Thirdly, and this is absolutely central, are there social factors which will inhibit citizen use? I think this is quite as important as the intrinsic problems with the technology. My conclusion, my solution, is to begin immediately to design information systems around a device that all people can easily carry which is based more on the telephone keypad than a qwerty keyboard. Such a device would be both flexible and private; and if a few people don't want to buy such a thing then the state should buy one for them. This could cut out a huge amount of mess because money could be securely transferred into a device with a personalised SIM card that could only be activated with a combination of your finger print and iris.

Fourthly, we need to understand what computers are really good at. Their great attribute is that they can process masses of information almost instantly; so if you tell them something once you don't need to tell them again. Even better, the newest information systems analyse what you tell them and draw some conclusions. So, if you almost always log onto the same dozen or so web sites your computer will soon get used to that and present you with a menu of your favourites, or default presentation, that you can over rule if you want. Another example is the connection of where you live with what you want. If you log on to a bus timetable for Limerick you might be asking a question about how you get between two distant points but the likelihood is that one of the points is where you are sitting; so timetables can and should be oriented towards the site of the user. Supermarkets have developed massive systems for logging all your shopping preferences so that if you are a gin drinker they don't promote brandy to you but take you to gin special offers, or more likely, deluxe gins; so why can't public information systems do the same? If you are seventy and need health information the chances are it won't be concerning pregnancy testing. If you are under 20 and checking out leisure options, the chances are you won't want to join the local bowls club. Now of course you may want any sort of information but the use of intelligent systems to sort out probability can be very encouraging. You feel quickly that the system is there for you rather than the other way round. Of course we are very confused about what we want in this area because we say we want joined up Government but we are frightened of 'big brother'; strangely, we are prepared to give all sorts of health and financial information to unaccountable multinational companies but not to elected Governments.

My final major point brings us back to simplicity. Computers were developed by the military and were handed on to academics; and they haven't really improved since.
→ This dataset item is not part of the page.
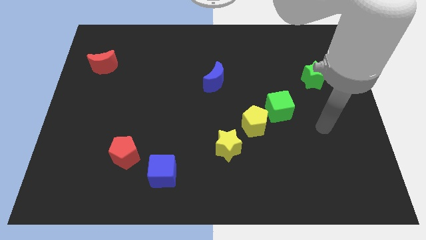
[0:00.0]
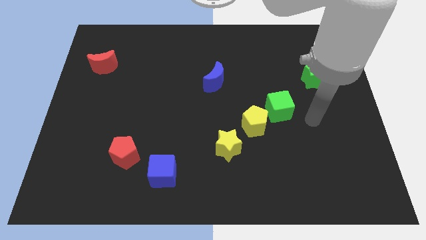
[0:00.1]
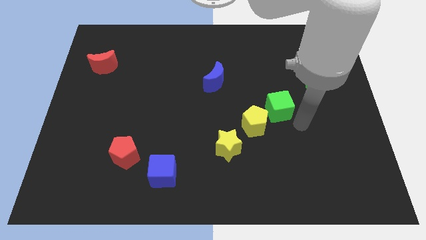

New battlefield, hand held computer systems have been designed on the seven plus or minus two rule, only telling the soldier what he needs to know at a given time. What counts for the soldier counts for the shopper and the citizen. What keeps those in the bottom half of the market is not poverty or ignorance; underlying these is a lack of self esteem and self confidence. The last thing they need is to be intimidated by an unfriendly information system. With the telephone and the television they are in control; they can perform complex tasks like driving vehicles; they can work out fiendishly complex maths problems on sports statistics; they know every nuance of the off-side rule; they can assess character to a nicety; but they see no reason to interact with something that they rightly suspect has nothing for them. They are not the problem; we are the problem.

The scientist I mentioned earlier talked about his lifelong commitment to user centred design but his designs had never been tested on users. We say that we give people what we think they want; but when we say "think" we mean "guess". It may be necessary for the commercial sector to release untested software to retain competitive edge but that should not be a public sector consideration. If we really want to serve the 'bottom half' of the market that is where we must do our systems testing. The trouble is, we are so used to our computers that we don't know how stupid they are; after all, what other machine is switched off by pressing the "start" button? We would never put up with that kind of nonsense on our televisions and telephones. It isn't the customers who are the problem, it's us.